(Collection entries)
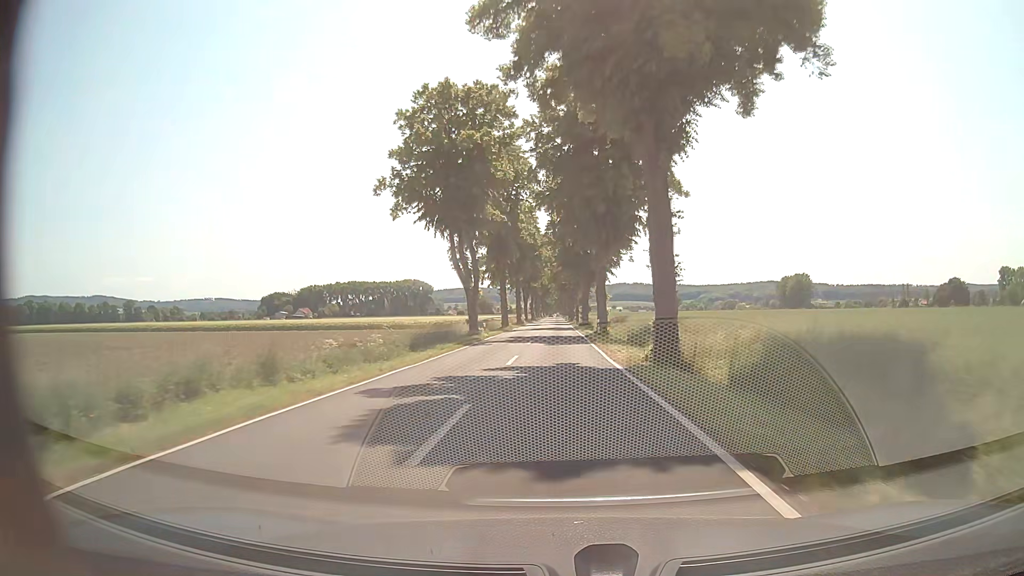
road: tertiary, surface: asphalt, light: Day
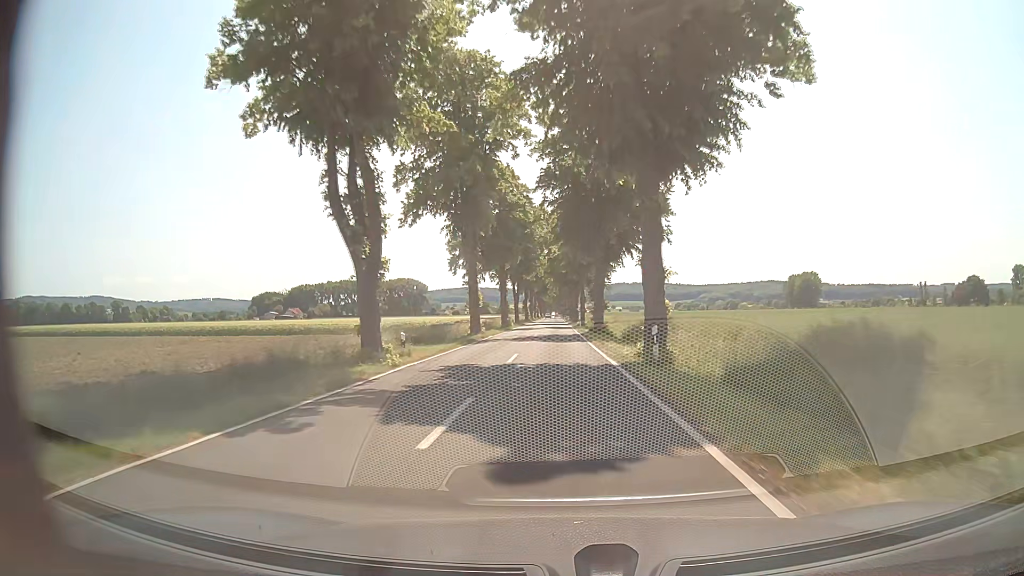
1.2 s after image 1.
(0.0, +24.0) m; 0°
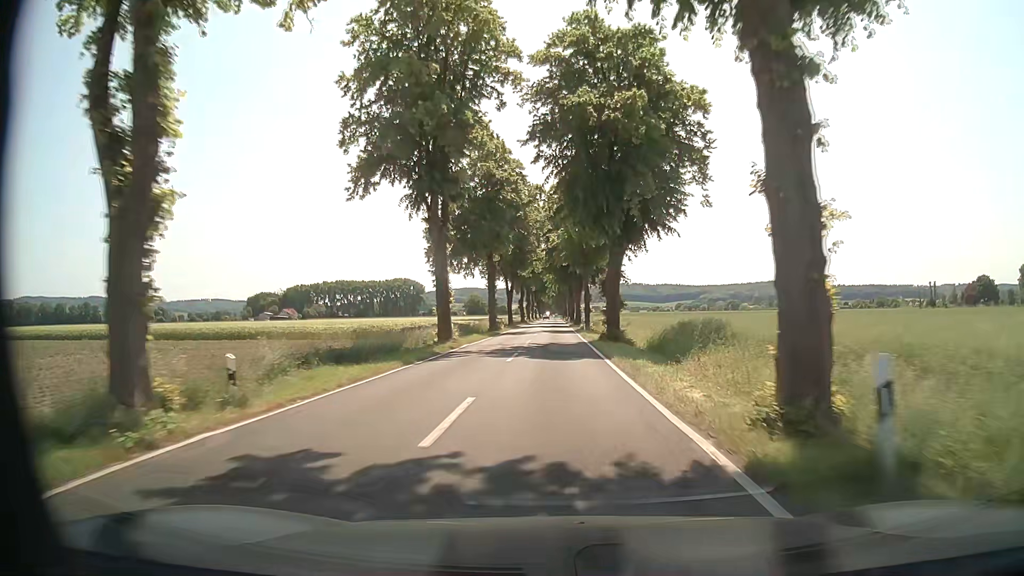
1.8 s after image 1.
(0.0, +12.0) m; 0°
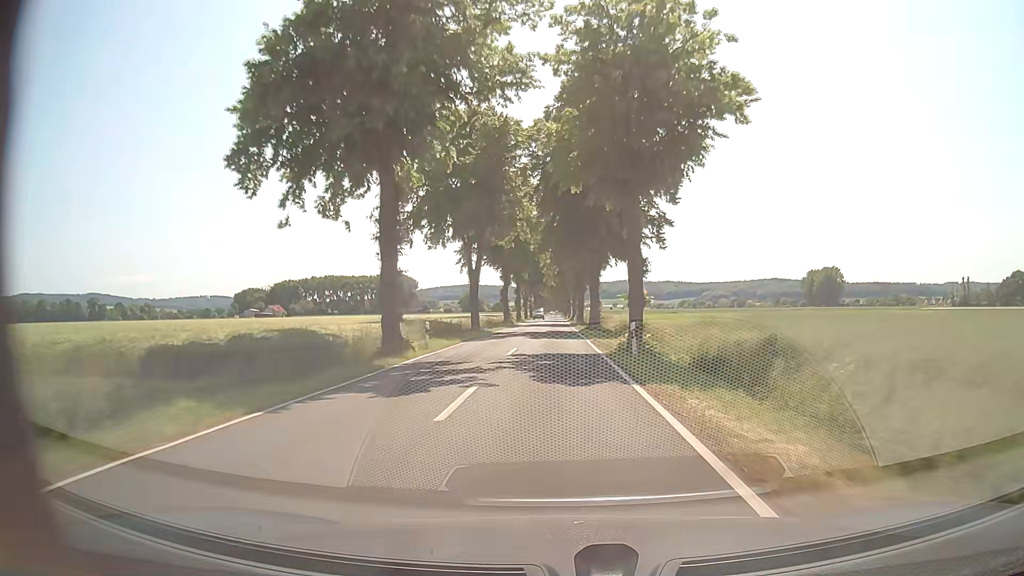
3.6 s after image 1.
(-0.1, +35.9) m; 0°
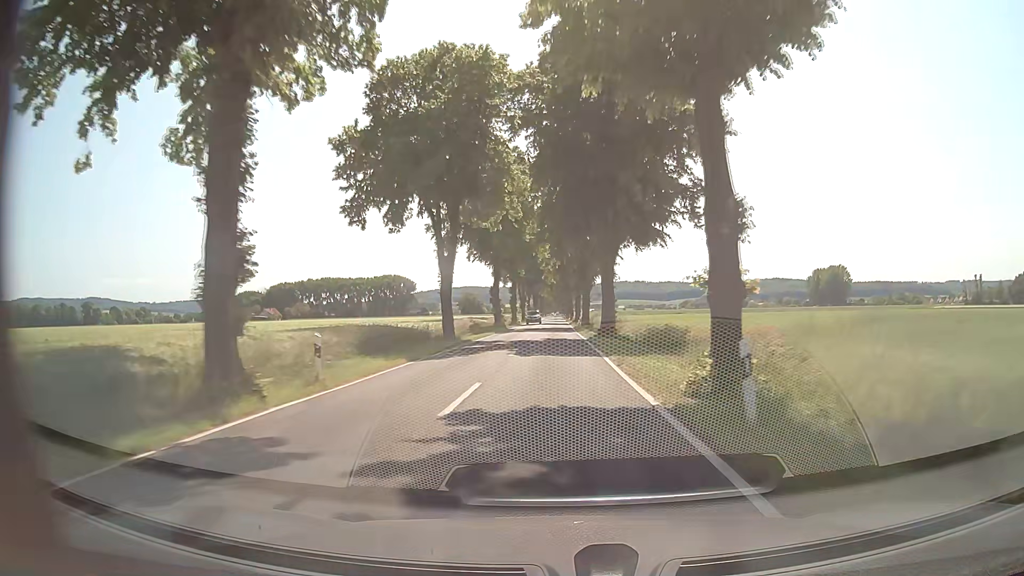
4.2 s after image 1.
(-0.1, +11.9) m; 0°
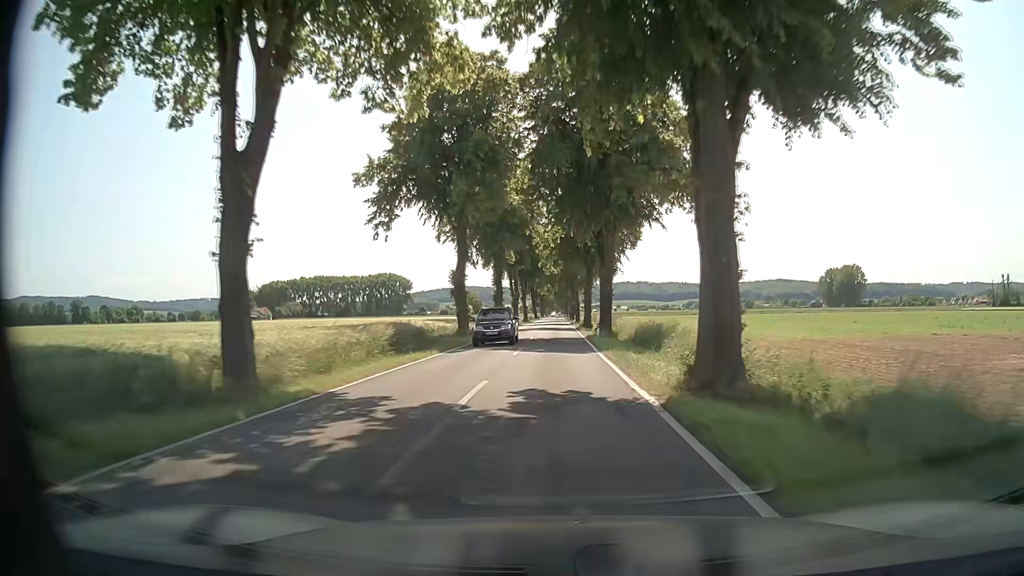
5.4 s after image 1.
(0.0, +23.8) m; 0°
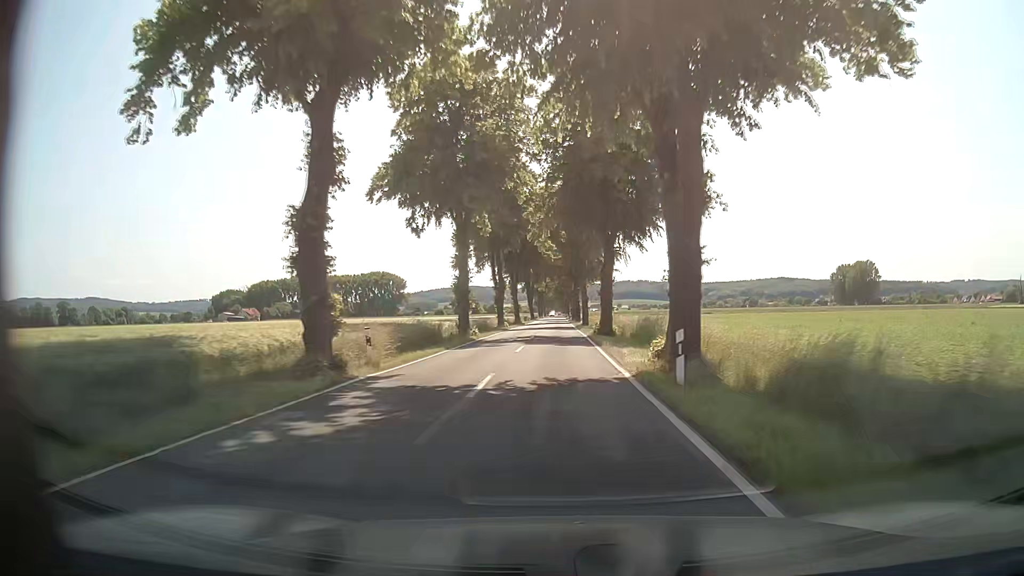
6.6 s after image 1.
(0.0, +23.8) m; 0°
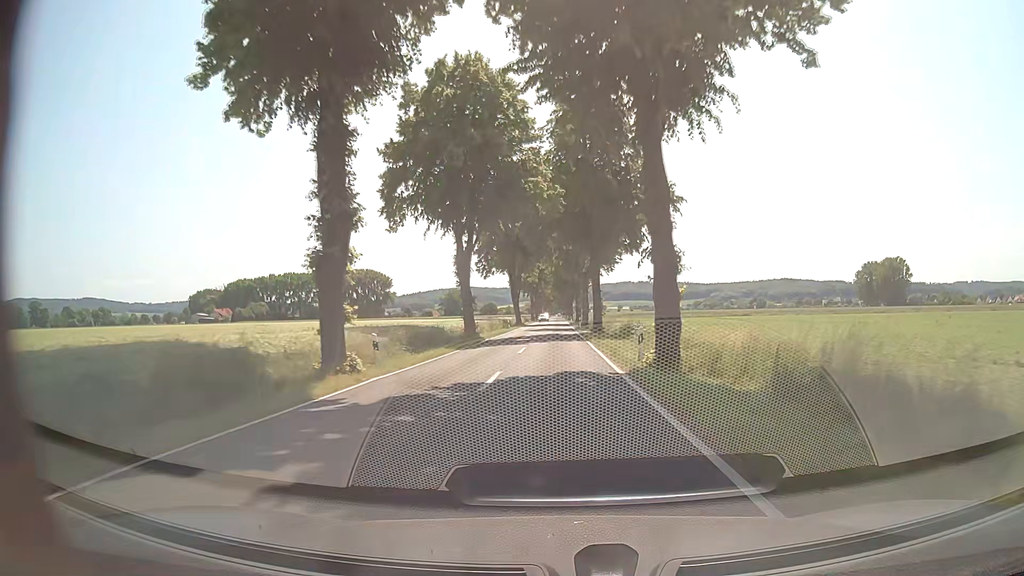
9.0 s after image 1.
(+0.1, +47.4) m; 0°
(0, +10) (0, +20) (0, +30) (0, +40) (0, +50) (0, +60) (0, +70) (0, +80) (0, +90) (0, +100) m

- _Task instructions_
Your answer should consist solely of the lines from the one with "5.4 s after image 1." through the last line of the entries, restated word for word, with the pictures omitted.

- _Response area_
5.4 s after image 1.
(0.0, +23.8) m; 0°
6.6 s after image 1.
(0.0, +23.8) m; 0°
9.0 s after image 1.
(+0.1, +47.4) m; 0°
(0, +10) (0, +20) (0, +30) (0, +40) (0, +50) (0, +60) (0, +70) (0, +80) (0, +90) (0, +100) m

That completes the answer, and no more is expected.